Hmph.  I took "next" commit_list as "list is the original one, and
next is the reversed list, the next generation of what we received".

Calling it "previous" feels even more backwards when you view among
three "struct commit_list *" pointers, one (the one that holds the
eventual return value) is primarily used to denote the resulting
list itself, and the other two are used to point individual elements
on the original list.

I wonder if a slightly different codeflow may be easier to follow

	struct commit_list *result = NULL;
	while (list) {
        	struct commit_list *next = list->next;
		list->next = result;
		result = list;
		list = next;
	}
	return result;

if we were to try improving this for readability?  

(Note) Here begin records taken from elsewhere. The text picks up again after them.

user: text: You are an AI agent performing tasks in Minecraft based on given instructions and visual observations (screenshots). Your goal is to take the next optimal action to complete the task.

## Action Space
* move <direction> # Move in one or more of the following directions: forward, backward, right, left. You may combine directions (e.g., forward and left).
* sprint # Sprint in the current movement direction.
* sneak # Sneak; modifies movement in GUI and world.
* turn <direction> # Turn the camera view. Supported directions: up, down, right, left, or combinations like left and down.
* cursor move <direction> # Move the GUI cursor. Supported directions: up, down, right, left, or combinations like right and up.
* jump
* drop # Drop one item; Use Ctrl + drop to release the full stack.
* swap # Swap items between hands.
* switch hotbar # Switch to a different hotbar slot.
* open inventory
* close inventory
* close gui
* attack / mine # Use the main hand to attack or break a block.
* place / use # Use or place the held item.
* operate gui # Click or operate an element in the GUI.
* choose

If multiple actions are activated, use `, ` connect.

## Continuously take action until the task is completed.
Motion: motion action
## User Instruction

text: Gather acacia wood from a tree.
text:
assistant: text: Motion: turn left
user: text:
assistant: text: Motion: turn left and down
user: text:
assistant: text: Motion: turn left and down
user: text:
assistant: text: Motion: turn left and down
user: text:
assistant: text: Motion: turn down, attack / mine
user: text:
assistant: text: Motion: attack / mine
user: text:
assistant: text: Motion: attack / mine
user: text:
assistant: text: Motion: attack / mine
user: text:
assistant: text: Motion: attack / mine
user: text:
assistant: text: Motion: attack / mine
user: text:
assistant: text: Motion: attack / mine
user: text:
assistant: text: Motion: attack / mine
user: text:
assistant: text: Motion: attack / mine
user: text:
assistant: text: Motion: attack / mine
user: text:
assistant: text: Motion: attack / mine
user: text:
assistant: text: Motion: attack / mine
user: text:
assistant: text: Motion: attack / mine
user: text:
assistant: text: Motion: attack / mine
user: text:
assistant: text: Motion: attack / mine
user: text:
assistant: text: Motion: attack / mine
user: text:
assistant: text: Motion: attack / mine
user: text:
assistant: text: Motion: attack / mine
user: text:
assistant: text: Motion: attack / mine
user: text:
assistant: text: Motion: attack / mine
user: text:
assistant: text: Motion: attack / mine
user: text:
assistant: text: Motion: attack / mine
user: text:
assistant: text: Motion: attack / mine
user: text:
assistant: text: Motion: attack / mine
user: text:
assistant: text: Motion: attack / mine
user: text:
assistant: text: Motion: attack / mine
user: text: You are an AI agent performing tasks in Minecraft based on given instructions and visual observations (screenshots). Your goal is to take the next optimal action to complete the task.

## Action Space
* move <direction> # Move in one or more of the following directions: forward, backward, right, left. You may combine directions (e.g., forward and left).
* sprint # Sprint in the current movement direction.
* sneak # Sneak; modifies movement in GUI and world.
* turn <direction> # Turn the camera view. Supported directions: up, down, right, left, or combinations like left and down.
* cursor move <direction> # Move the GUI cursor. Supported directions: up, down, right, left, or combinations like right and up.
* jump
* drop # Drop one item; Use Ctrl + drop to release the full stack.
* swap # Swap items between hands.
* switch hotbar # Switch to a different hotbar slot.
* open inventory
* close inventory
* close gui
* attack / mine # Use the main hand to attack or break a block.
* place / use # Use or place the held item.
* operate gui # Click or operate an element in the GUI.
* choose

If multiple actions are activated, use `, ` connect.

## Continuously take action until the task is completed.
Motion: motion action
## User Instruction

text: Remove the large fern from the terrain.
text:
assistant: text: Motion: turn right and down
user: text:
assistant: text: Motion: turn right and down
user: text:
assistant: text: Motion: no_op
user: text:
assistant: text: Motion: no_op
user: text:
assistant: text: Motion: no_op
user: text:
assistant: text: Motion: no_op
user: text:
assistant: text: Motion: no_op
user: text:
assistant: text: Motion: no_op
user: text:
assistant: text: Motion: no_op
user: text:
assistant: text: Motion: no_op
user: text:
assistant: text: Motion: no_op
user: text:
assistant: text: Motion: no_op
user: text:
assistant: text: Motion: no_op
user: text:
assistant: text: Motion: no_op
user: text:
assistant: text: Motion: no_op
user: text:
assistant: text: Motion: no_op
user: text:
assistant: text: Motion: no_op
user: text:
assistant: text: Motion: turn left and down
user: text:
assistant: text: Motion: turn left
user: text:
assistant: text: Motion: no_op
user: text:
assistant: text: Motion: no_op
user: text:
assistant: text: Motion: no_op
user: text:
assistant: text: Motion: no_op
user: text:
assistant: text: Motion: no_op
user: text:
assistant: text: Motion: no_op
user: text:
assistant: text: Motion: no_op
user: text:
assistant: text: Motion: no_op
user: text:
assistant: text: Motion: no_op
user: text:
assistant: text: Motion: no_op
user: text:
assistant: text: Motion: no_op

I dunno if it matters too much, though.
Felipe Contreras Dec. 16, 2020, 6:54 p.m. UTC | #6
Junio C Hamano wrote:
> Derrick Stolee <stolee@gmail.com> writes:
> 
> > On 12/15/2020 12:53 PM, Elijah Newren via GitGitGadget wrote:
> >> From: Elijah Newren <newren@gmail.com>
> >> 
> >> In a subsequent commit, we will implement the traditional recursiveness
> >> that gave merge-recursive its name, namely merging non-unique
> >> merge-bases to come up with a single virtual merge base.  Copy a few
> >> helper functions from merge-recursive.c that we will use in the
> >> implementation.
> >
> > I'm sure these are copies, but...
> >
> >> +static struct commit_list *reverse_commit_list(struct commit_list *list)
> >> +{
> >> +	struct commit_list *next = NULL, *current, *backup;
> >> +	for (current = list; current; current = backup) {
> >> +		backup = current->next;
> >> +		current->next = next;
> >> +		next = current;
> >> +	}
> >
> > The naming of 'next' seems backwards to me, since it is really
> > the "previous" node. Using something like 'previous' makes it
> > clear that you are reversing when you say
> >
> > 	current->next = previous;
> 
> Hmph.  I took "next" commit_list as "list is the original one, and
> next is the reversed list, the next generation of what we received".
> 
> Calling it "previous" feels even more backwards when you view among
> three "struct commit_list *" pointers, one (the one that holds the
> eventual return value) is primarily used to denote the resulting
> list itself, and the other two are used to point individual elements
> on the original list.

Both feel awkward to me because to me previous/next are actually current
in my mind, and we should return current, not previous/next. Plus
there's no need for current, we can use list, as your example.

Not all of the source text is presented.